Karl Sutcliffe was thrown through the windscreen in the smash, which happened as the police car was travelling at 80mph.

Three passengers in the Peugeot 309 ran off, leaving the 19-year-old dead in the the road near Bishop Auckland, County Durham.

The victim was giving the trio a lift to buy drugs after a Golden Jubilee Party on the town's Woodhouse Close Estate last June, an inquest was told.

The marked BMW police car, driven by PC Gary Emerson, spun out of control and hit a lamppost, trapping PC Neil Fuller in the passenger seat.

South Durham coroner Colin Penna - who recorded a verdict of accidental death - heard how the officers were following two cars seen racing each other on the A689 by-pass, at Coundon, in June last year.

PC Emerson accelerated to almost 80 mph when Mr Sutcliffe pulled out of the Gurney Valley junction without looking.

He said that police guidelines allowed him a top speed of 120mph but he had exercised caution because of the side roads. He did not activate the siren or blue lights because he did not want the two drivers he was following to panic.

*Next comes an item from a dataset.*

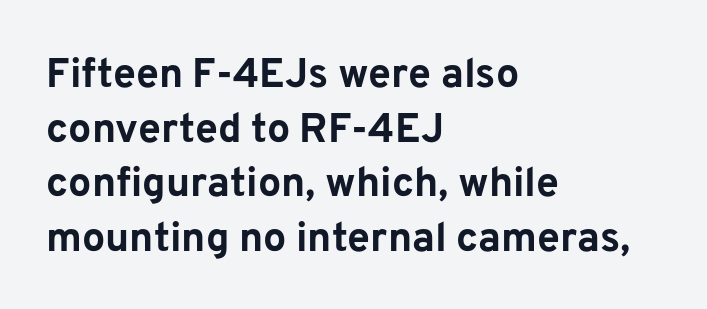
The image shows 41 px bold sans-serif type, upright; set left-aligned, normal line spacing (1.33x), normal letter spacing, not underlined; low stroke contrast and a medium x-height.

PC Fuller, who had to be cut from the wreckage, said: "The driver of the Peugeot did not look right towards us at all. I was fixated on him, willing him to look towards us but he pulled out in front of us."

David Spence and John Fazakerley, who were both passengers in the car, said they could not remember whether Mr Sutcliffe had stopped at the junction before pulling out.

Mr Fazakerley told the inquest he had been drinking all day and had taken Ecstasy. Mr Sutcliffe was driving them to Coundon to buy drugs.

Both teenagers said that Mr Sutcliffe had arrived at the party late. Tests showed he had traces of cannabis and alcohol in his system but this would not have affected his driving.

Afterwards in a statement, Mr Sutcliffe's mother, Jacqueline, questioned the police guidelines over speed. She said: "Fatal accidents keep occurring when police officers are travelling at high speed and the current guidance on pursuit and following does not seem adequate to prevent fatalities like this happening in the future."

A Durham Police spokesman said that an investigation, overseen by the Police Complaints Authority, had exonerated PC Emerson of any blame and that the Crown Prosecution Service would not be pursuing a case against him.